There was a need to localize Olivetti Italian hardware and software products into English-ready products for all English-speaking markets around the world. In 1997—when the joint venture/OEM project between Olivetti and Microsoft was established—I was sent to Microsoft headquarters in Redmond, Washington, to work on Windows 2.0 and the Windows version for the first 386 machines. We developed all the device drivers for Olivetti that were included in Windows and completed the first localized versions (Dutch, French, German, Italian, Portuguese, Spanish, and Swedish).
What localization challenges do corporations face today?
The mantra “fast and cheap” localization has reached new levels, and the challenge is how to add “quality” to that equation in a process that has outsourced all skills, including engineering, testing, management, and customer support. Cultural and communication barriers among the product team members located in very different locales are another big challenge as well as a lack of training for IT, engineering, customer support, marketing/sales, and project management staff to be able to operate at the best of their abilities in a stressful, multi-cultural environment under strict deadlines.
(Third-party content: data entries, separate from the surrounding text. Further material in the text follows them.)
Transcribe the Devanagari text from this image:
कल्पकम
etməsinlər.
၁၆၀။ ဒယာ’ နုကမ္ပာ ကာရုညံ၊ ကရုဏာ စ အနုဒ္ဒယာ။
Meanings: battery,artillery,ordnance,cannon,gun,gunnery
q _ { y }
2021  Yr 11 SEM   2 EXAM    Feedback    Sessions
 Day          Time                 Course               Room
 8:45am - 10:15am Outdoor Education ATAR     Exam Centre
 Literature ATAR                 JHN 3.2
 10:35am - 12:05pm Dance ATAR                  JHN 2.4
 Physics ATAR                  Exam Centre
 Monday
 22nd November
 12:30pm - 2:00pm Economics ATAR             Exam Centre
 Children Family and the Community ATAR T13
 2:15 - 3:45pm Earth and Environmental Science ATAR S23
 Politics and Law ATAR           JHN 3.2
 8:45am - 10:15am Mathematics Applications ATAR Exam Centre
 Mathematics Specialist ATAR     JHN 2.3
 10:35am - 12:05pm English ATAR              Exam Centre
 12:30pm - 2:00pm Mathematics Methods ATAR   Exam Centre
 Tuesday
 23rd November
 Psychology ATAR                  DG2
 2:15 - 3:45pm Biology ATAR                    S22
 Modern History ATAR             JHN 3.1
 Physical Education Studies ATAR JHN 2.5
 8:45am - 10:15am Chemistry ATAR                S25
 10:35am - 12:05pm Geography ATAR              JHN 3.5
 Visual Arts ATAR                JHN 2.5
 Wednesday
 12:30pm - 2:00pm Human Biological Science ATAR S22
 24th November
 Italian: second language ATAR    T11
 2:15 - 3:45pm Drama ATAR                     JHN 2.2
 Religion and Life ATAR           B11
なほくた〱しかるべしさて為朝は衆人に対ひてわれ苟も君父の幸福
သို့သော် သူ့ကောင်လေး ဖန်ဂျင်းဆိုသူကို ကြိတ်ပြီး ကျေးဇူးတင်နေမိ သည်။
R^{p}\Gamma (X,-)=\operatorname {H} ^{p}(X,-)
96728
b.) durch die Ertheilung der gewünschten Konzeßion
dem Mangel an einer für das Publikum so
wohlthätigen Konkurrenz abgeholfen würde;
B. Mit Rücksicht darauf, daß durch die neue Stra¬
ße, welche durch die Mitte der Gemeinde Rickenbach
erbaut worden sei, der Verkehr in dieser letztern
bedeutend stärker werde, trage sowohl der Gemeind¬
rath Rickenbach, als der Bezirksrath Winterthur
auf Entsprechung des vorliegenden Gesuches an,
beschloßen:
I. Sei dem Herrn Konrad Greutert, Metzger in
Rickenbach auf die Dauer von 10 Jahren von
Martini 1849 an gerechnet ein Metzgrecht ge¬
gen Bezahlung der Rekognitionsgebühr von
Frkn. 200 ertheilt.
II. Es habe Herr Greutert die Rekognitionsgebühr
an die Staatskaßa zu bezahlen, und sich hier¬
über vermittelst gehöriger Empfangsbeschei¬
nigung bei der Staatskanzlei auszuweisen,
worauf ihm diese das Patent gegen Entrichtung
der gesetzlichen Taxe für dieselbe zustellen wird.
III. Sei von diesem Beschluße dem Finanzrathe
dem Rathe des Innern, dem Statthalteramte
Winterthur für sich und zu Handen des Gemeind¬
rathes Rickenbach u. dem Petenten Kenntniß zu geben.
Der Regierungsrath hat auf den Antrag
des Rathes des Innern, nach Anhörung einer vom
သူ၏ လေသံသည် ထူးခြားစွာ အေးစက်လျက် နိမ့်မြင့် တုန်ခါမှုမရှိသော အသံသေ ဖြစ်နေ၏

What are the new trends you see in localization?
Because of the new challenge of introducing products less expensively, more and more localizers are relying on machine translation tools, online terminology tools, and project management tools to expedite the localization process and achieve consistency. Localization has also expanded beyond the traditional computer and electronics industry; for example, biotech, pharmaceutical, medical device companies, and the government are in need of more localization.
How does English influence other language localization?
In the U.S., in general, my experience has been that corporations tend to be biased towards the English language. Products still tend to be first architected and developed in an English context, before they go through some internationalization process. Part of the problem is that we ask engineering to make certain product development decisions that would be better made by professionals who have the training and experience of designing for a global audience. The outcome of this approach may be a poorly localized product and unsatisfied customers who are forced to use an English-based product with a translated user interface that is less than optimal for them. This is an obvious cost to the company in terms of missed sales revenues and market opportunities.
Have you experimented with machine translation?
Yes, since the very beginning of my career I have used and tested many tools and systems, from the most sophisticated to the very basic ones. I am very pleased with the progress and advancement in this field, and other areas such as voice recognition and search and retrieval engines; all the signs are there that these tools will become better and better and employed in more aspects of our life.
What would you like to see changed in localization?
The mentality, meaning that when corporations need to cut their budgets, one of the first things they drop off their priority list is internationalization and localization. That’s a symptom of not understanding the investment opportunity and added value of the internationalization and localization product cycles.